== SOURCE DATA ==

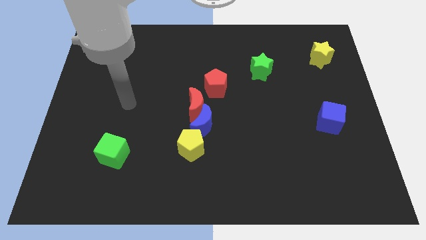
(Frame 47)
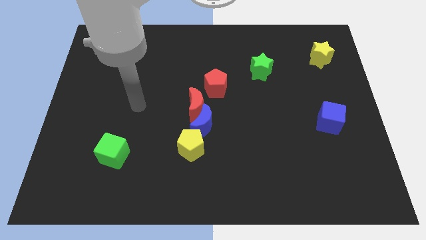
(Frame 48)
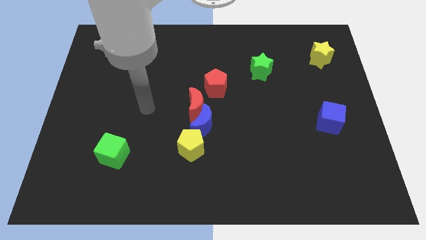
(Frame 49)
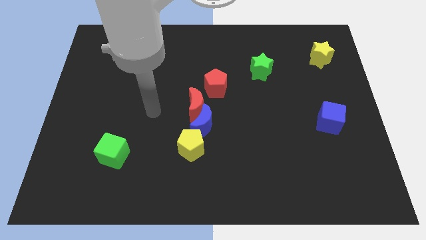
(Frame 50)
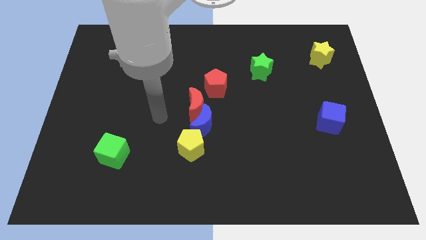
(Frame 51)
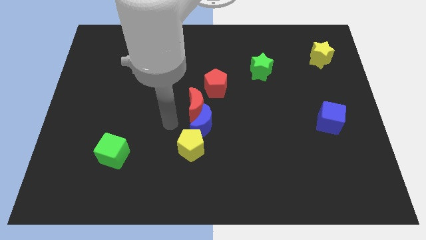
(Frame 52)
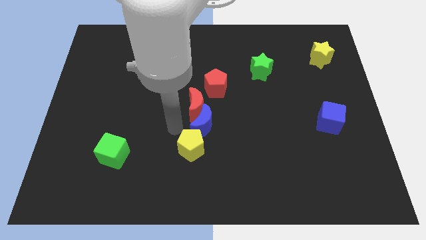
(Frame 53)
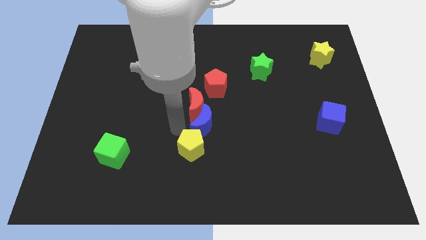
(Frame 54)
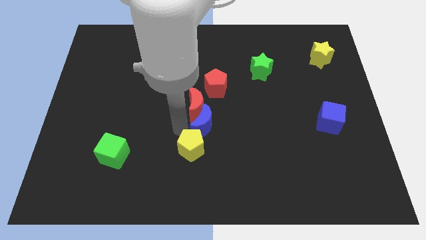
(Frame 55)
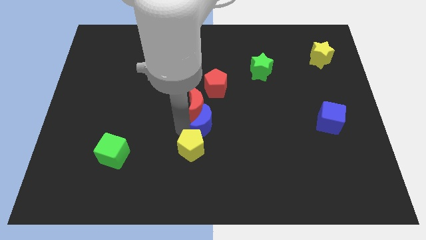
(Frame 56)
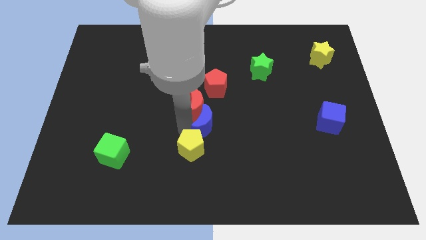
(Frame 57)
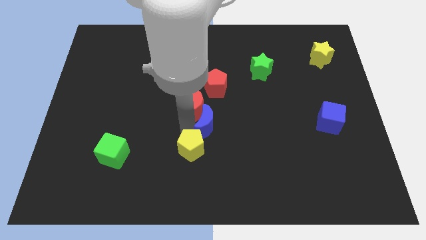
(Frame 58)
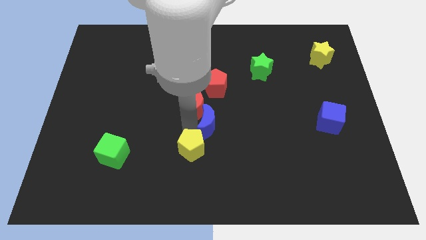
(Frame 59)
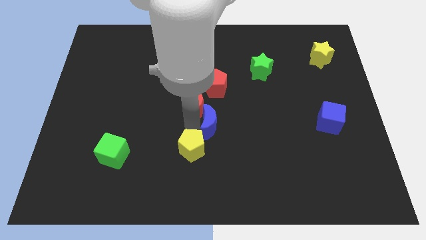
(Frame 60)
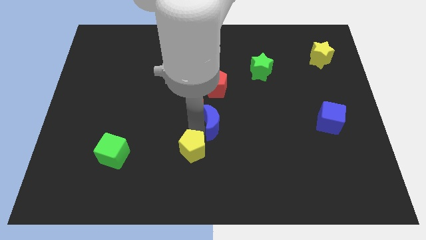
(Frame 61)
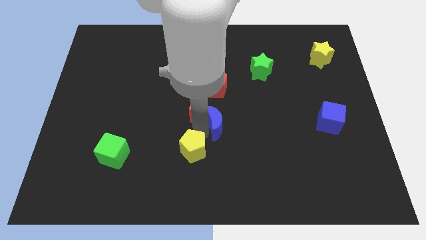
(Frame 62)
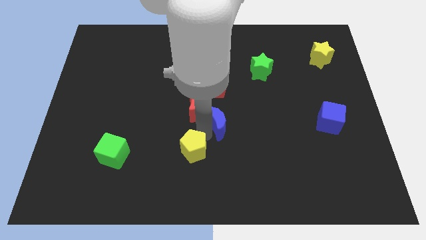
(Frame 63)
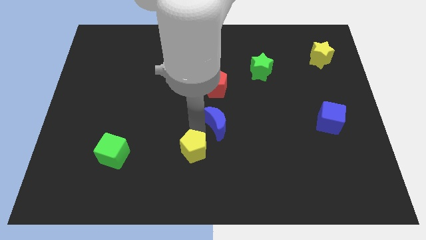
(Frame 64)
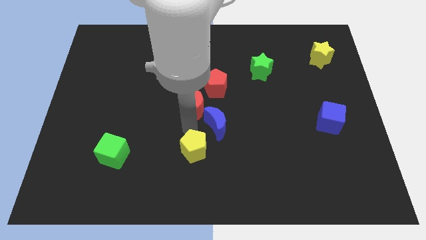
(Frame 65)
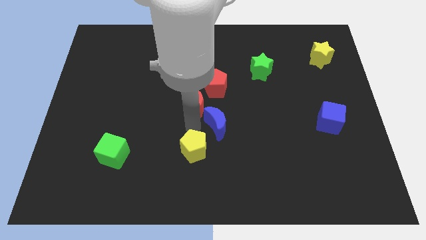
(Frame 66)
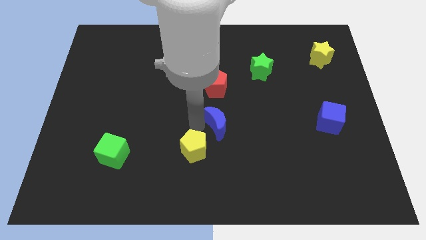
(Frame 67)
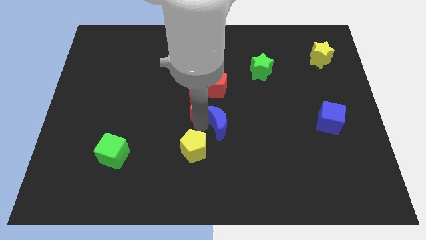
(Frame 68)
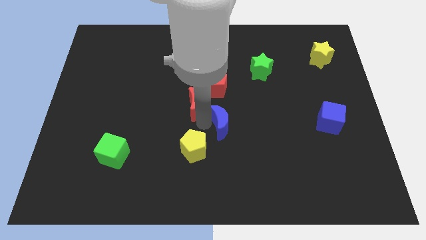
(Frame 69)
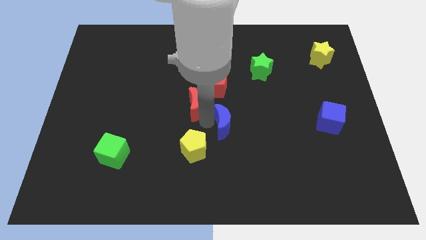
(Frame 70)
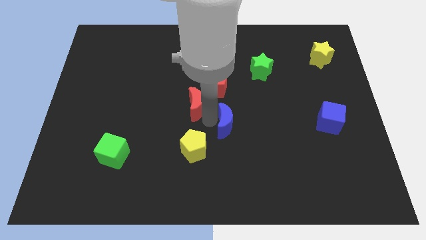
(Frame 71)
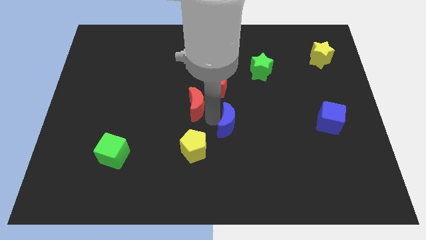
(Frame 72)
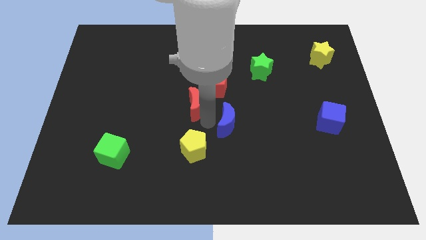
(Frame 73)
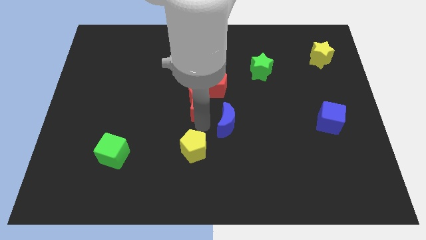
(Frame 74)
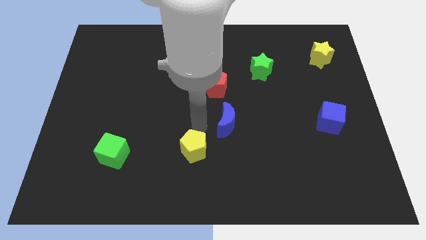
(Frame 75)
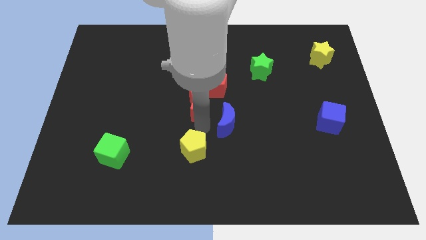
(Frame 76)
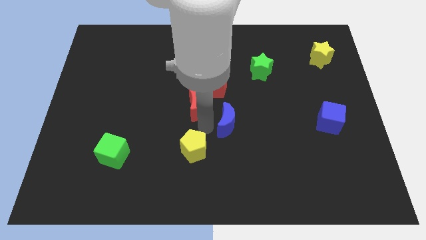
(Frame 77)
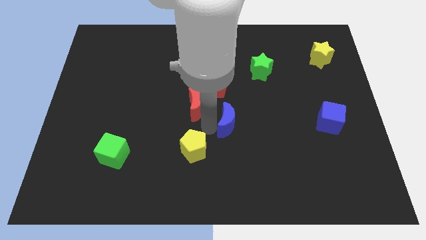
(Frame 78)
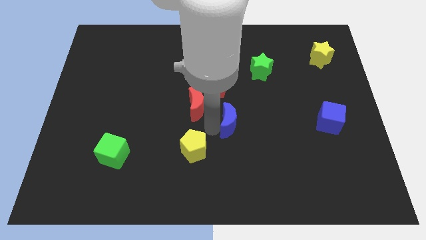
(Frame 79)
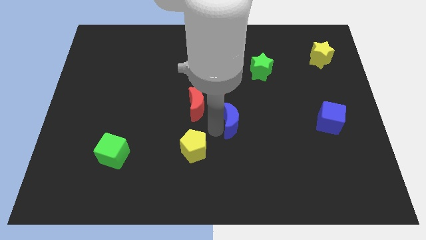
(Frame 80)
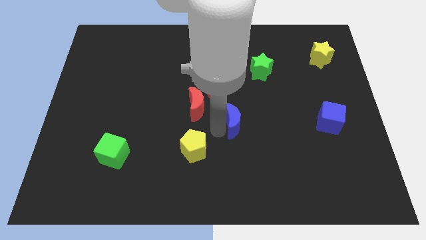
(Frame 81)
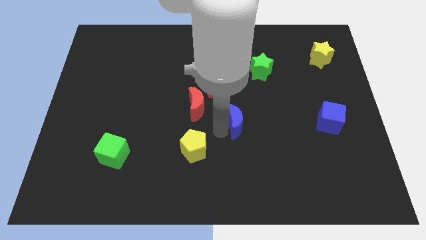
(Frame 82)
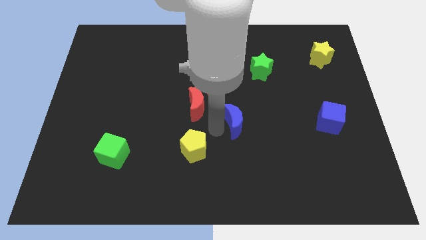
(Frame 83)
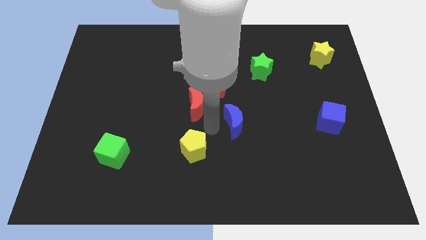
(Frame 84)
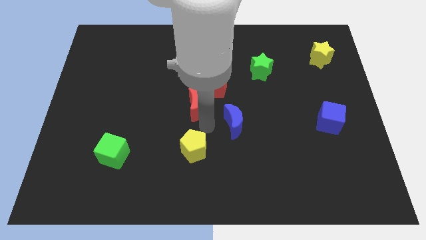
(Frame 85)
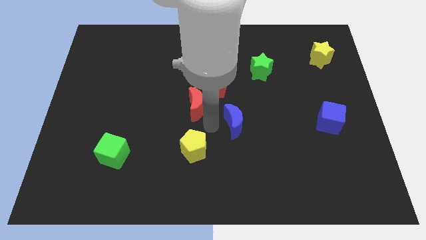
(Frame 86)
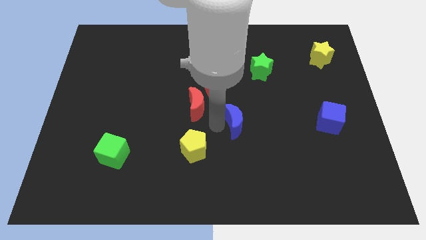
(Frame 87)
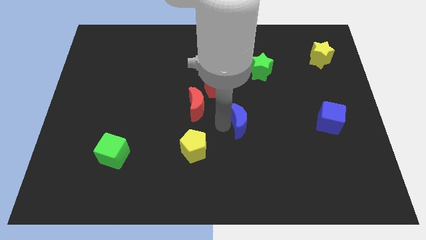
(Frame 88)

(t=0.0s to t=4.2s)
move the blue moon away from the red moon and yellow pentagon

===

Provide a precise transcription of the listing, excluding each picture.

- **OUTPUT OF THE EXERCISE**
(Frame 47)
(Frame 48)
(Frame 49)
(Frame 50)
(Frame 51)
(Frame 52)
(Frame 53)
(Frame 54)
(Frame 55)
(Frame 56)
(Frame 57)
(Frame 58)
(Frame 59)
(Frame 60)
(Frame 61)
(Frame 62)
(Frame 63)
(Frame 64)
(Frame 65)
(Frame 66)
(Frame 67)
(Frame 68)
(Frame 69)
(Frame 70)
(Frame 71)
(Frame 72)
(Frame 73)
(Frame 74)
(Frame 75)
(Frame 76)
(Frame 77)
(Frame 78)
(Frame 79)
(Frame 80)
(Frame 81)
(Frame 82)
(Frame 83)
(Frame 84)
(Frame 85)
(Frame 86)
(Frame 87)
(Frame 88)

(t=0.0s to t=4.2s)
move the blue moon away from the red moon and yellow pentagon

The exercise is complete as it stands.